J Biol Chem. 2010 Aug 20;285(34):25941-9. doi: 10.1074/jbc.M110.126797. Epub 2010 Jun 7.
Calmodulin (CaM) activates the nitric-oxide synthases (NOS) by a mechanism that is not completely understood. A recent crystal structure showed that bound CaM engages in a bridging interaction with the NOS FMN subdomain. We investigated its importance in neuronal NOS (nNOS) by mutating the two residues that primarily create the bridging interaction (Arg(752) in the FMN subdomain and Glu(47) in CaM). Mutations designed to completely destroy the bridging interaction prevented bound CaM from increasing electron flux through the FMN subdomain and diminished the FMN-to-heme electron transfer by 90%, whereas mutations that partly preserve the interaction had intermediate effects. The bridging interaction appeared to control FMN subdomain interactions with both its electron donor (NADPH-FAD subdomain) and electron acceptor (heme domain) partner subdomains in nNOS. We conclude that the Arg(752)-Glu(47) bridging interaction is the main feature that enables CaM to activate nNOS. The mechanism is bi-modal and links a single structural aspect of CaM binding to specific changes in nNOS protein conformational and electron transfer properties that are essential for catalysis.

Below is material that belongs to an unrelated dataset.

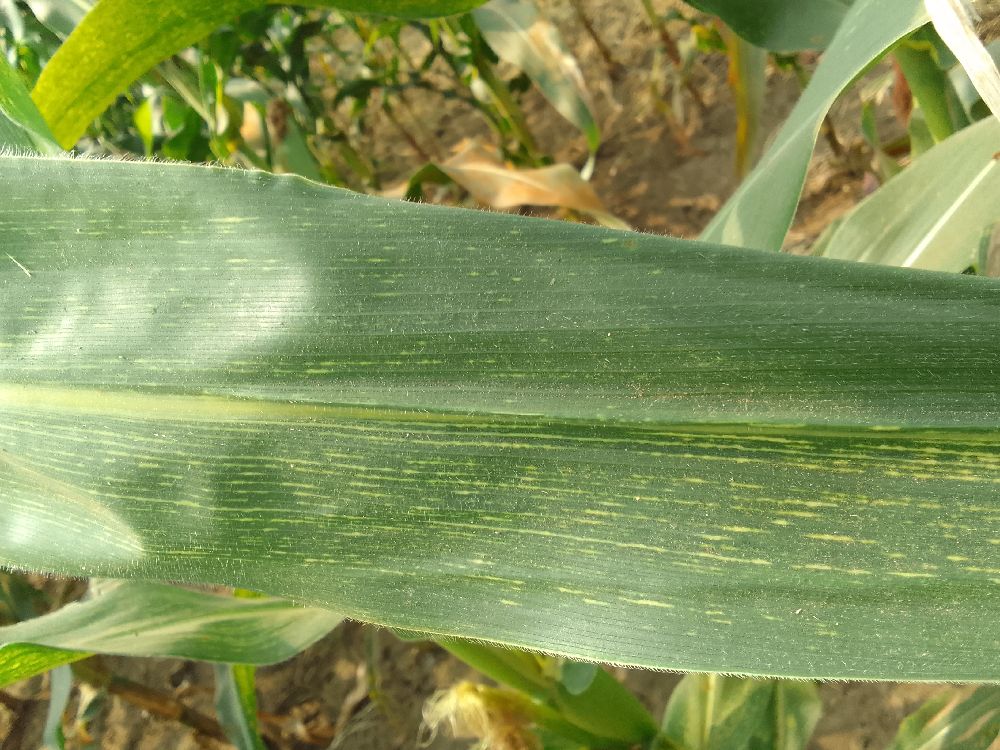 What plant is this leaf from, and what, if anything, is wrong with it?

maize, maize streak virus

钙调蛋白(CaM)通过一种尚未完全阐明的机制激活一氧化氮合酶(NOS)。最近的晶体结构表明,结合的 CaM 与 NOS FMN 亚结构域进行桥接相互作用。我们通过突变主要形成桥接相互作用的两个残基(FMN 亚结构域中的精氨酸(Arg752)和 CaM 中的谷氨酸(Glu47))来研究其在神经元型 NOS(nNOS)中的重要性。旨在完全破坏桥接相互作用的突变阻止结合的 CaM 增加 FMN 亚结构域中的电子流,并使 FMN 到血红素的电子转移减少 90%,而部分保留相互作用的突变则具有中间效应。桥接相互作用似乎控制 FMN 亚结构域与 nNOS 中其电子供体(NADPH-FAD 亚结构域)和电子受体(血红素结构域)伴侣亚结构域的相互作用。我们得出结论,Arg752-Glu47 桥接相互作用是 CaM 激活 nNOS 的主要特征。该机制是双模态的,将 CaM 结合的单个结构方面与 nNOS 蛋白构象和电子转移特性的特定变化联系起来,这些变化对于催化至关重要。